I have obsessed about place cards, baskets for sparklers, signage, beverage containers, bistro lights, decoupaging the frame of a bulletin board, Road Trip themed mix CD’s and welcome bags, to name a few.

Each time I feel myself sneaking down that wormhole called “Stuff you’re wasting energy on that you’re not even going to remember in six months,” I’ve done my best to stop and back up.

Yesterday I was pretty far down the Welcome Bag wormhole. Making people feel at home is one of my absolute biggest pleasures and highest values. So the welcome bags for out-of-town guests have been a huge focus for me.

I couldn’t let the logistics go even after Mike officially called me off the project and told me he’d handle it. (He’s SO good like that. Reason #876 why I’m marrying him.)

Finally, he came up behind me to give me a hug. I tried to pull away, feeling rushed –I had more important things to do than stand around and hug.

“Don’t resist me,” he said. I still pulled.

“Don’t pull away,” he said. I still pulled.

“Let go,” he said. I pulled for a moment and then, finally, I relaxed every muscle in my body and melted to the floor, tears stinging the corners of my eyes.

Mike laid down next to me and we both fell into a fit of giggles.

A few months ago my friend Rachel posted the following quote on Instagram:

twitter_standingWe were together. I forget the rest. ~Walt Whitman (Click To TWEET)

Photo Credit: Gabrielle Bernstein

Photo Credit: Gabrielle Bernstein

When I read it I felt a zing of recognition through every cell of my body.

It was exactly the touchstone I needed during the wedding process.

(I even got it printed on cocktail napkins for the reception as my talisman reminding me to release the details that don’t matter and focus on what does: marrying the man I love in the company of those I love.)

I knew that I would marry Mike in a brown paper bag and serve bologna sandwiches if it meant getting to be with him and be witnessed by those I love.

Ultimately, that’s all that matters.
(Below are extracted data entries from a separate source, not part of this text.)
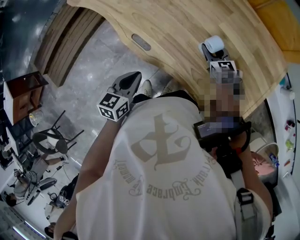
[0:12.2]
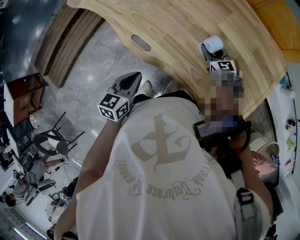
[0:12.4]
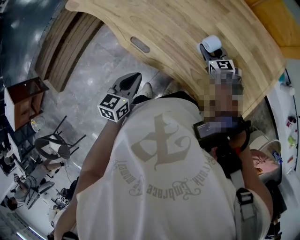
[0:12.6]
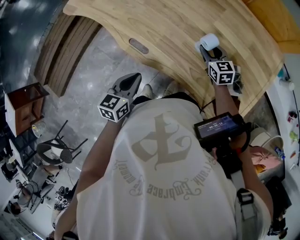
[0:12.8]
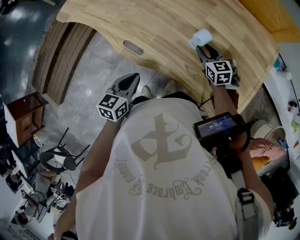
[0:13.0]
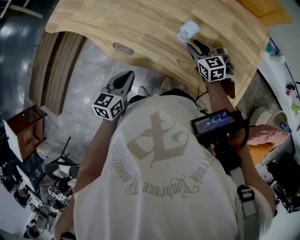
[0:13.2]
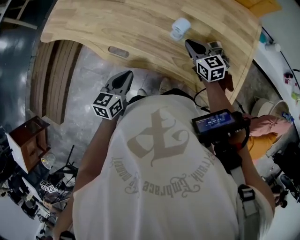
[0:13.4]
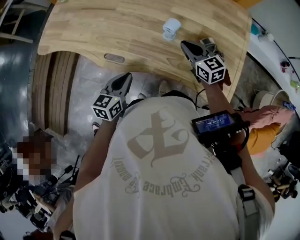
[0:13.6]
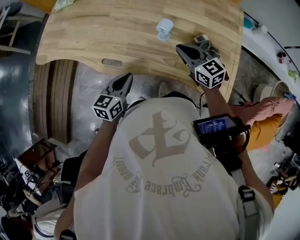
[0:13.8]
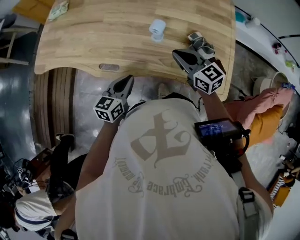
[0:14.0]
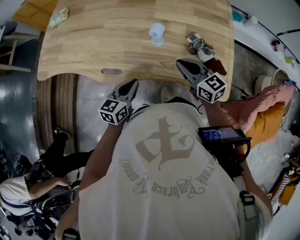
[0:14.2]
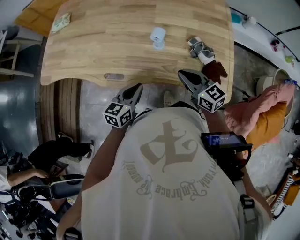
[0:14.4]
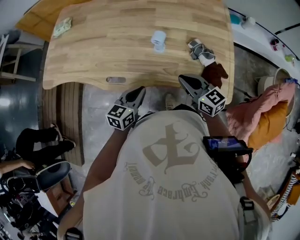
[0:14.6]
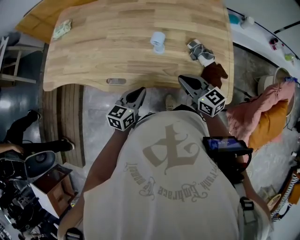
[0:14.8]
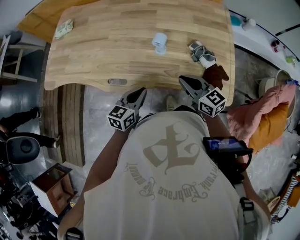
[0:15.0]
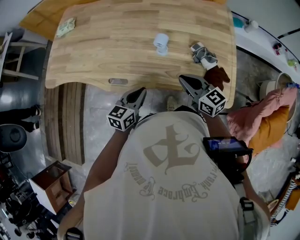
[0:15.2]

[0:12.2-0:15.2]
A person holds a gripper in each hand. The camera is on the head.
0:12.2 to 0:13.8: The left gripper shifts about 5 cm to the right, and changes its angle by roughly 30 degrees. Meanwhile the right gripper goes approximately 15 cm backward and upward, and closes up.
0:13.8 to 0:15.2: The right gripper moves backward, approximately 10 cm.

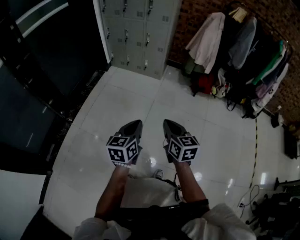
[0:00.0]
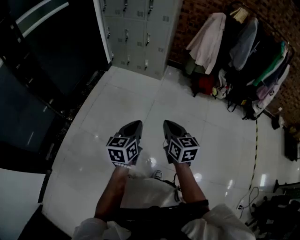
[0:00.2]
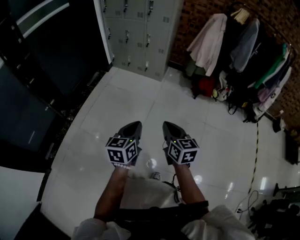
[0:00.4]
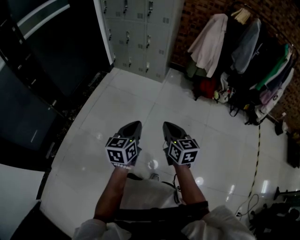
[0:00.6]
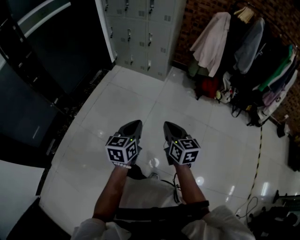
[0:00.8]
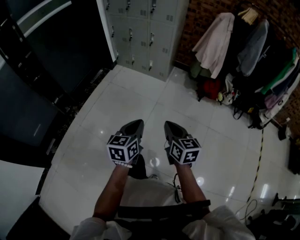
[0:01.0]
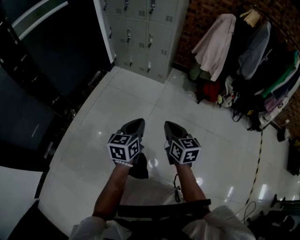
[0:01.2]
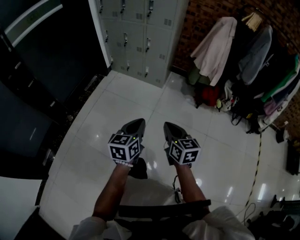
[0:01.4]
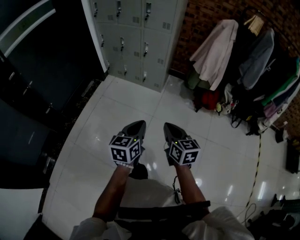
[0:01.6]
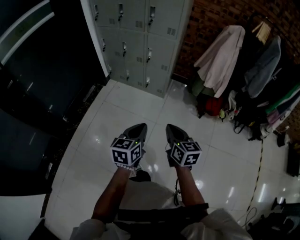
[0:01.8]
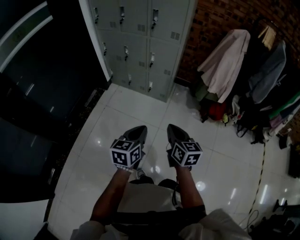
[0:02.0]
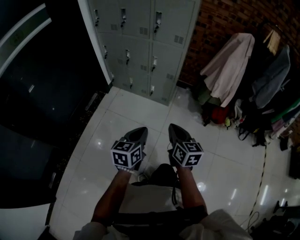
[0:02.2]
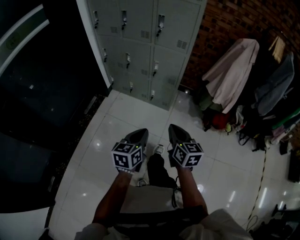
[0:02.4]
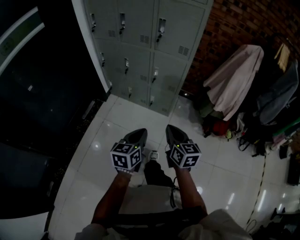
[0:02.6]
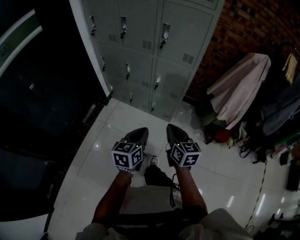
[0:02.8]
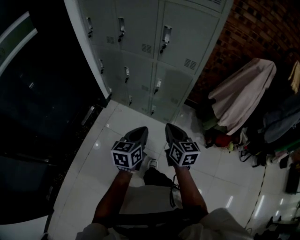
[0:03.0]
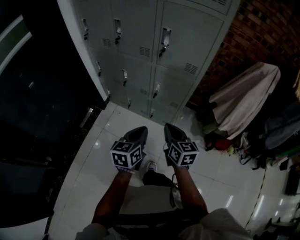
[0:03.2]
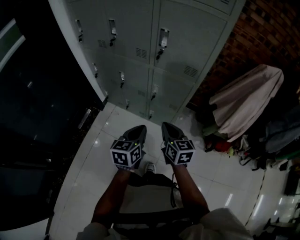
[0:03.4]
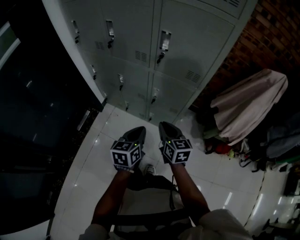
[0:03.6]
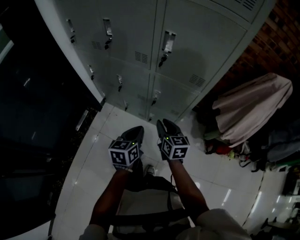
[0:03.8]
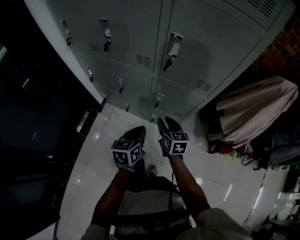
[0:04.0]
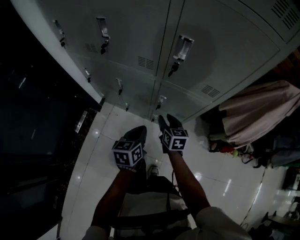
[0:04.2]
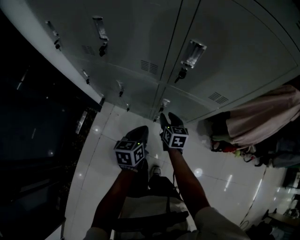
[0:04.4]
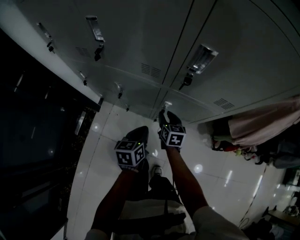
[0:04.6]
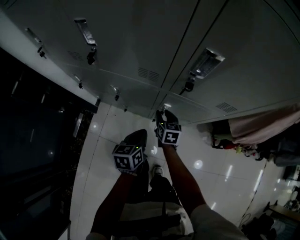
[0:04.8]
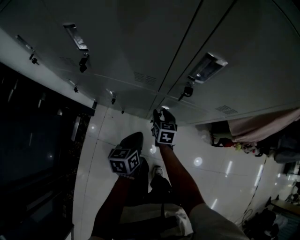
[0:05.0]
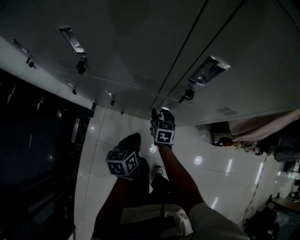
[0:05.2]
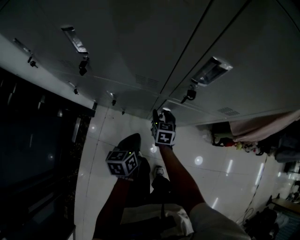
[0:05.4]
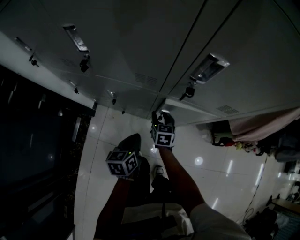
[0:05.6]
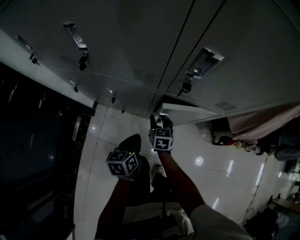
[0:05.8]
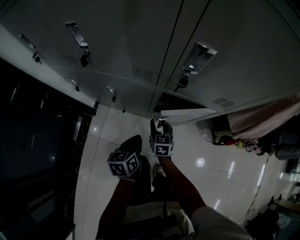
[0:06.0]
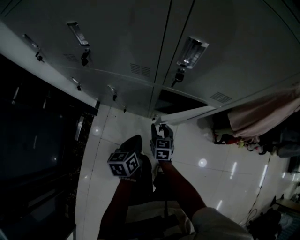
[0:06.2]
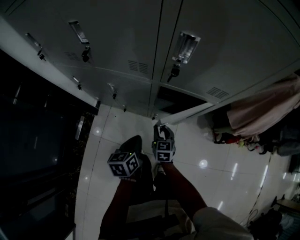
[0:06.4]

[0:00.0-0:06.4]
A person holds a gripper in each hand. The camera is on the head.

And what I’ll be left with after the wedding day is my love for Mike and for the other people gathered with us.

Life is full of emotional transitions. Birth, death, marriage, graduation, leaving jobs, starting new ones, moving, breaking up, falling in love, surgeries, debuts, and more.

And for every emotional transition there’s an industry, substance, or set of rules designed to help you avoid feeling what it feels like to leave one state of being and start a new one.

No matter the life moment you find yourself in, take Mike’s words to heart:

Don’t resist.

Don’t pull away.

Let go.

twitter_standingSometimes God is in the details. And sometimes the details distract us from what’s real. (Click to Tweet)

Focus on feeling what’s real. Distill everything down to what really matters. And forget the rest.

What are you obsessing about right now that you could let go of? 

What detail has been a thorn in your tush for a while now that you could extract by deciding it doesn’t even need to be done?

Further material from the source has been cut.